----- THE DATA
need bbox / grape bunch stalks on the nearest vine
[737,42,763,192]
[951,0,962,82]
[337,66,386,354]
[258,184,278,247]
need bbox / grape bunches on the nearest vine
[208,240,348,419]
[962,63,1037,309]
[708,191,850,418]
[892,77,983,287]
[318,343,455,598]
----------
----- THE DATA
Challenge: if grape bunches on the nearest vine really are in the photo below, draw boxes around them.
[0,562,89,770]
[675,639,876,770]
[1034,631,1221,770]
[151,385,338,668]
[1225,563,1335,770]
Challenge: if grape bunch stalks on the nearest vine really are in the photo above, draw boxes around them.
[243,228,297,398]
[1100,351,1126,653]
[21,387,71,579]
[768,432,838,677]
----------
----- THE DATA
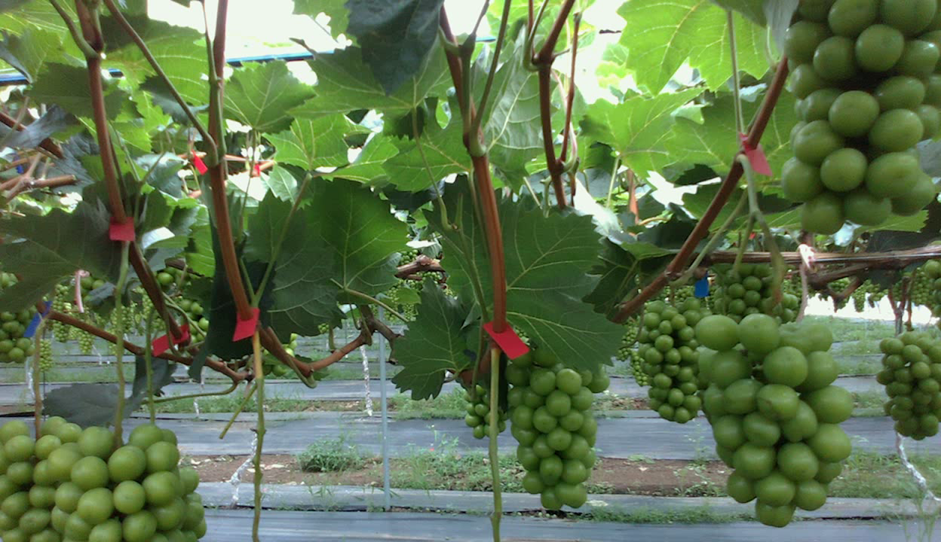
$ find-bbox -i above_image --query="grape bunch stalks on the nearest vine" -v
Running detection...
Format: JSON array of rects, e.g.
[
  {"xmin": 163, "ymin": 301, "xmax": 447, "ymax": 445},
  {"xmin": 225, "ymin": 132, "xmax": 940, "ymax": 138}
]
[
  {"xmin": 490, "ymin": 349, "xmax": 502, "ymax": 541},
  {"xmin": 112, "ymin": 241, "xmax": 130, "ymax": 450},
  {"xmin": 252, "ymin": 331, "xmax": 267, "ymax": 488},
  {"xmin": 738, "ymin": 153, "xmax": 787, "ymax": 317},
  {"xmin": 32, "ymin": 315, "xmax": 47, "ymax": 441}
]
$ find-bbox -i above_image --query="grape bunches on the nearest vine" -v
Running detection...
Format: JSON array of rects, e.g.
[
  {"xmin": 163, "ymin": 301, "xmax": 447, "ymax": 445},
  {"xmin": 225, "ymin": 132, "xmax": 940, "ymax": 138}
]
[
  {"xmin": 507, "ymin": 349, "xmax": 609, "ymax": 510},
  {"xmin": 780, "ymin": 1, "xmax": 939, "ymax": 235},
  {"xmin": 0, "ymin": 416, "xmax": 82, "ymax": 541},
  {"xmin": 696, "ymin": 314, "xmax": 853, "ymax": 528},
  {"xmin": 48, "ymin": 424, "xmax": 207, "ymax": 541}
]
----------
◆ DIRECTIONS FOR THIS TASK ◆
Every line above that holds "find" counts once; state the total and nothing else.

◆ COMPLETED EXERCISE ◆
2